YOUR OBJECTIVE | Retype exactly the lines from the one that contains "8.1 s after image 1 in sequence." through the final line of the material below, and add nothing else.

INPUT DATA |
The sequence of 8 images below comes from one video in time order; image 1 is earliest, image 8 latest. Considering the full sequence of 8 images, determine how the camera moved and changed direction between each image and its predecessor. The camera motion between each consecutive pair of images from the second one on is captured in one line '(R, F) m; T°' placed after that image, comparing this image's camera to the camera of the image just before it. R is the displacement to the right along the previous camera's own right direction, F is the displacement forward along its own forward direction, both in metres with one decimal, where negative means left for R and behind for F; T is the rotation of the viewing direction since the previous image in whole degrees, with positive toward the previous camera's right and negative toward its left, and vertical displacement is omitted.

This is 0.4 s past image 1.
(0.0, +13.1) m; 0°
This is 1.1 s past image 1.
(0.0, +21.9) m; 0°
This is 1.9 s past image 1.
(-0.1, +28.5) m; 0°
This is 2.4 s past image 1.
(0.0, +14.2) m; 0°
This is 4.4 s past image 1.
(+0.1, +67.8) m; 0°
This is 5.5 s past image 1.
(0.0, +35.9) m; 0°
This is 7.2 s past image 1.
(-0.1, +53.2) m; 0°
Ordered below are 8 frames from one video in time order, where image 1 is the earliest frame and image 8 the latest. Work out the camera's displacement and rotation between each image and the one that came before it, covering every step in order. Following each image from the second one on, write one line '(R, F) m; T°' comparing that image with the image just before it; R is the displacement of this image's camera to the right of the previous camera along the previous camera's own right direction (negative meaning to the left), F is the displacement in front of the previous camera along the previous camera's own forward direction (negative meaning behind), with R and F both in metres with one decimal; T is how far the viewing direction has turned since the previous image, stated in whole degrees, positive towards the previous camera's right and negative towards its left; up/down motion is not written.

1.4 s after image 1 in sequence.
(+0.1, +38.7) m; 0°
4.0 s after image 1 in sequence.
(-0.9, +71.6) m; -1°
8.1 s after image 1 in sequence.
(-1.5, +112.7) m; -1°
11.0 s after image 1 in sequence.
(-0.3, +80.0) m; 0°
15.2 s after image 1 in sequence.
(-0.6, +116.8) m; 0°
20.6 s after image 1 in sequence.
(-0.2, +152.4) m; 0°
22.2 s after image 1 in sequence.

TASK OUTPUT |
8.1 s after image 1 in sequence.
(-1.5, +112.7) m; -1°
11.0 s after image 1 in sequence.
(-0.3, +80.0) m; 0°
15.2 s after image 1 in sequence.
(-0.6, +116.8) m; 0°
20.6 s after image 1 in sequence.
(-0.2, +152.4) m; 0°
22.2 s after image 1 in sequence.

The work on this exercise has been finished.